There are two extremes of life-history strategies in plants and animals - semelparity and iteroparity . Semelparity is sometimes referred to as the 'big-bang reproductive strategy' , as semelparous species devote most of their energy and resources to maximizing the number of offspring in a single cycle of reproduction, and die soon after reproducing. Semelparity may be advantageous when the prospects for long-term survival are low. Iteroparous species, in contrast, reproduce multiple times, a strategy that may be advantageous when prospects for long-term survival are good.
In the plant kingdom, there are extreme examples of both strategies. At one end of the iteroparous spectrum are redwood trees, which can live for several thousand years with several thousand cycles of reproduction. In contrast, the popular semelparous research model Arabidopsis thaliana can complete its life cycle in less than two months, and once Arabidopsis produces a certain number of offspring it rapidly senesces and dies, even under optimal growth conditions  (Figure 1).
Plants that live and reproduce for many years, such as redwoods, are often referred to as perennials. Plants such as Arabidopsis that typically survive only a single growing season are often referred to as annuals. However, the different life-history strategies of plants are better described by the terms monocarpic (semelparous; reproduces once and dies) and polycarpic (iteroparous; reproduces repeatedly), instead of annual and perennial, respectively. For example, perennial is hard to define, because there are plants that live for many years without flowering and then flower once and die. A striking example is the Haleakalā silversword, Argyroxiphium sandwicense, which may live for more than 50 years before flowering and dying (Figure 1).

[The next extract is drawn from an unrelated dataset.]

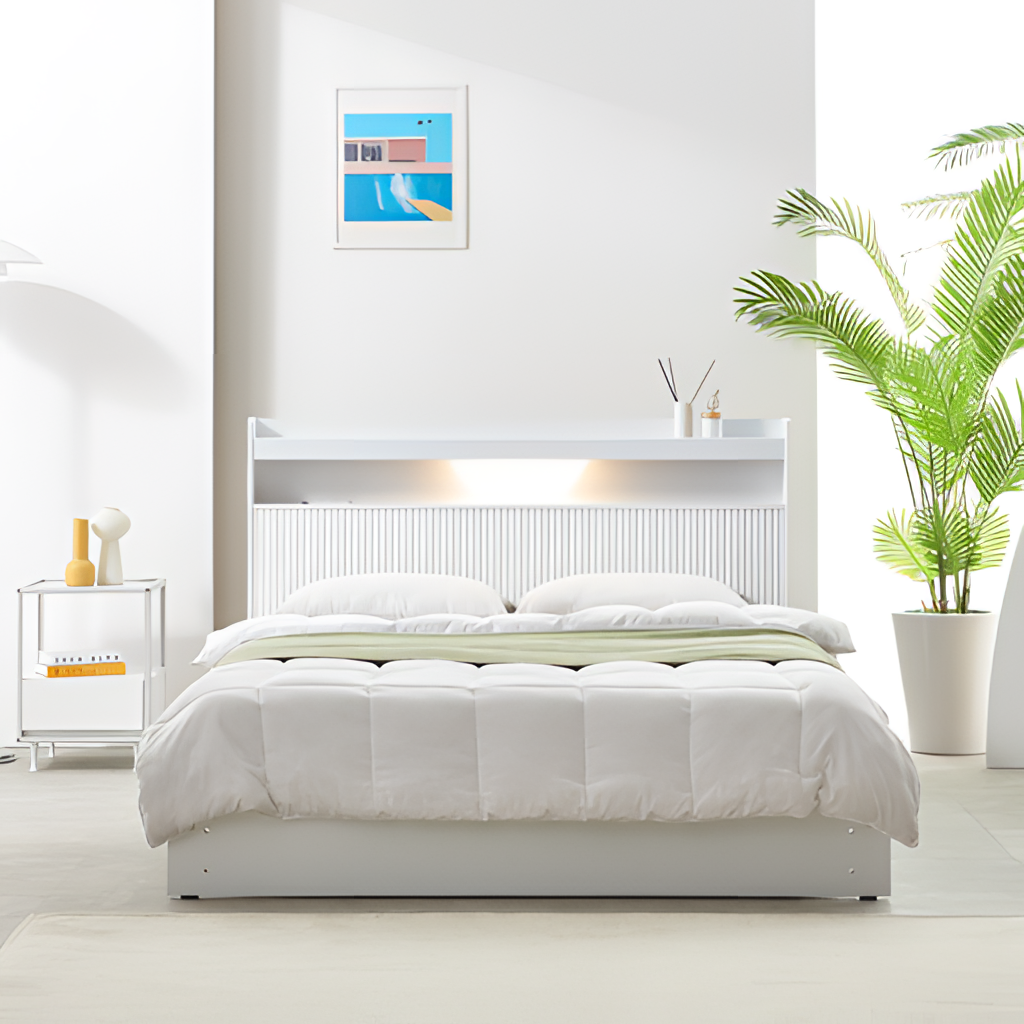
bedroom, wood backlit headboard bed, paint wallpaper, with solid pattern, beige carpet flooring, with plain pattern, minimalist

The molecular basis for the death of monocarpic plants like Arabidopsis after reproduction is not well understood. Plants develop from regions of stem cells called meristems. The shoot apical meristem (SAM) produces cells that differentiate into stems, leaves and flowers. In many monocarpic plants, including Arabidopsis, all active SAMs convert to flower production (that is, become inflorescence meristems). In Arabidopsis, when a certain number of seeds have been produced the inflorescence meristems stop growing, although they do not undergo terminal differentiation, and the whole plant senesces as the seeds mature . Perhaps inflorescence meristem arrest after reproduction and the subsequent death is a specific genetic program in Arabidopsis, or perhaps the plants simply do not have the energy to sustain further growth from these inflorescence meristems - the plants 'burn out' in the effort to produce as many offspring as possible .
Thus, a key feature of polycarpy is to maintain a supply of meristems that are capable of vegetative growth; that is, SAMs that can produce shoots with leaves to sustain growth of the plant in future growth cycles. In a recent paper in Nature by Wang et al. , the polycarpic habit was studied in a relative of Arabidopsis, Arabis alpina, another member of the family Brassicaceae. A. alpina requires exposure to cold in order to flower (a phenomenon known as vernalization) . However, as expected for a polycarpic plant, vernalization does not result in the flowering of all A. alpina SAMs. Those shoots of A. alpina that do flower cease growth and senesce during seed maturation similarly to shoots of Arabidopsis, but A. alpina maintains a supply of vegetative SAMs for another round of growth.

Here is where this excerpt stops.